Il n’est pas difficile de voir comment cet échec de la modernisation fait peser un fardeau indu sur les femmes. Si elles ne travaillent pas, leurs familles risquent de se débattre économiquement. Et si elles le font, elles sont confrontées à une énorme pression sociale, ou à l’implication qu’elles sont de mauvaises mères. Les femmes qui ont recours à la garde d’enfants, par exemple, doivent supporter la honte d’aller littéralement à l’encontre de la parole de leur religion, qui considère la maternité comme un « service divin qui ne peut être transmis à d’autres ». C’est un boulet – et un boulet que beaucoup de femmes ont du mal à démêler.

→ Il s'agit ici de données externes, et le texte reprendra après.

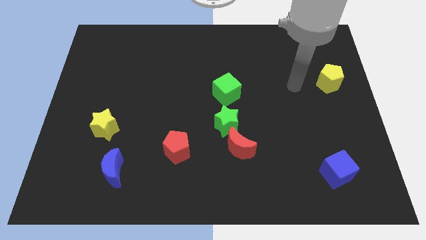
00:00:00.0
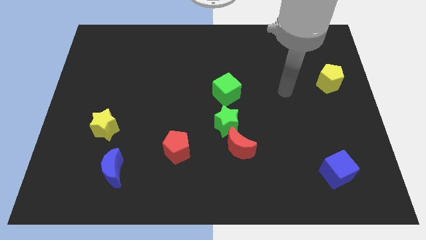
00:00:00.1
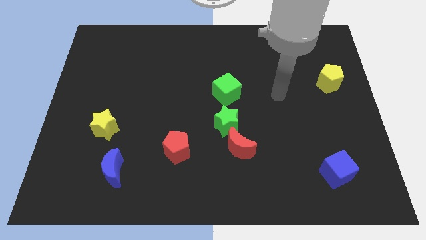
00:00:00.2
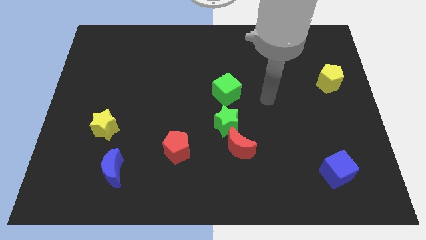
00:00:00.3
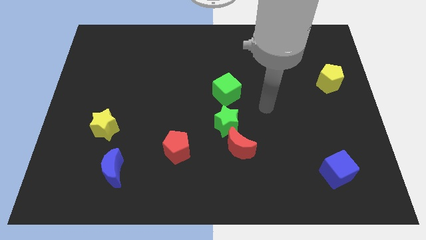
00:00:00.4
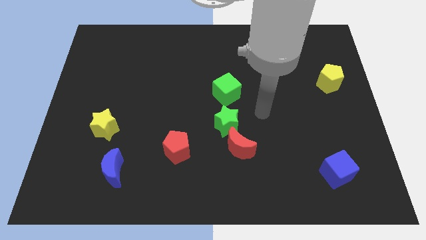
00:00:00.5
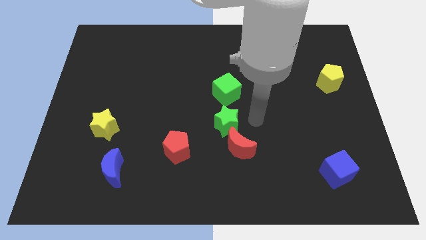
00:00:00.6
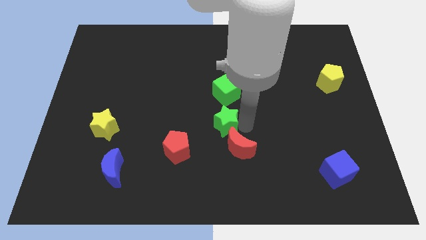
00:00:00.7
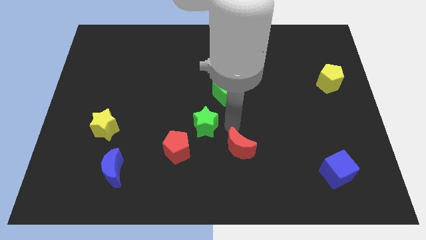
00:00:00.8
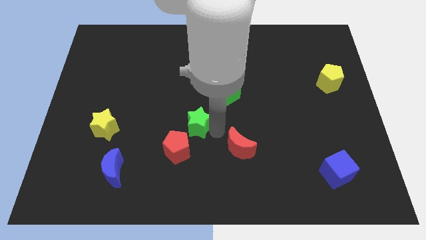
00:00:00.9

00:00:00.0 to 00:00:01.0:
separate the red moon from the green star

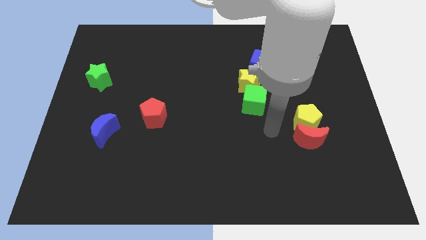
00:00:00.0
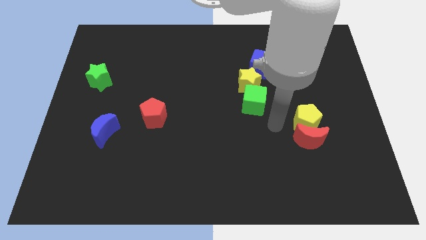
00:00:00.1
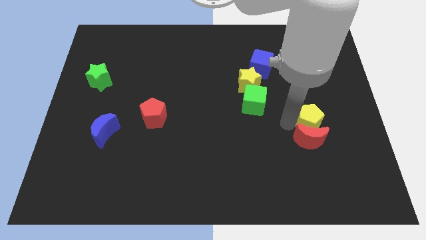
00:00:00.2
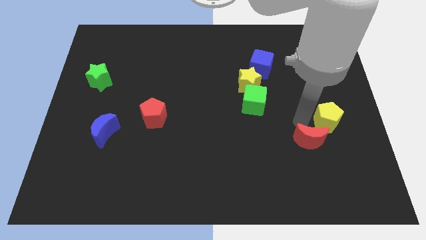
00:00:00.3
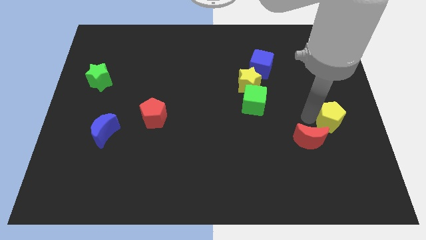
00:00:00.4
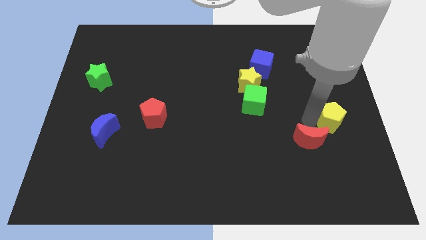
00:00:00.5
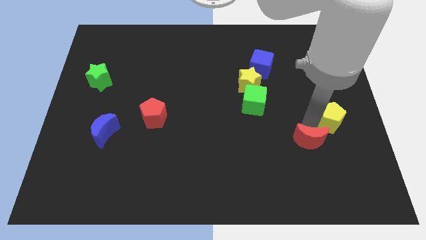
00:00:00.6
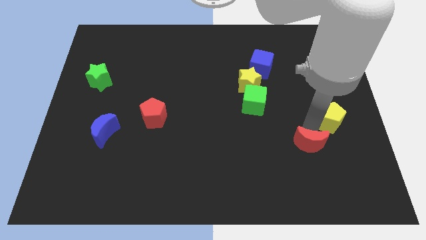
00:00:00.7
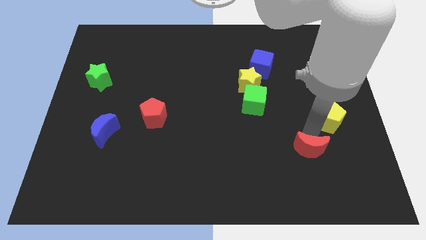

Pour les dirigeants de la SDN, le défi est également énorme. Ayant adopté une approche aussi tranchée du rôle des femmes, il est difficile d’argumenter que Dieu a changé d’avis, ou que les prophètes précédents se sont trompés. Mais comme de plus en plus de femmes mormones poursuivent leurs études, se marient plus tard et s’engagent dans des missions, certains dirigeants s’orientent vers une approche plus permissive. S’exprimant en 2011, l’ancien de l’église Quentin Cook a fait l’éloge des mères au foyer – mais a ajouté que les sœurs qui travaillaient à l’extérieur du foyer n’étaient pas nécessairement « moins vaillantes ». »
Correction : Une version antérieure de cet article indiquait que les membres de l’Église de Jésus-Christ des saints des derniers jours croient en la Sainte Trinité. En fait, ils croient au Père, au Fils et au Saint-Esprit en tant qu’entités distinctes.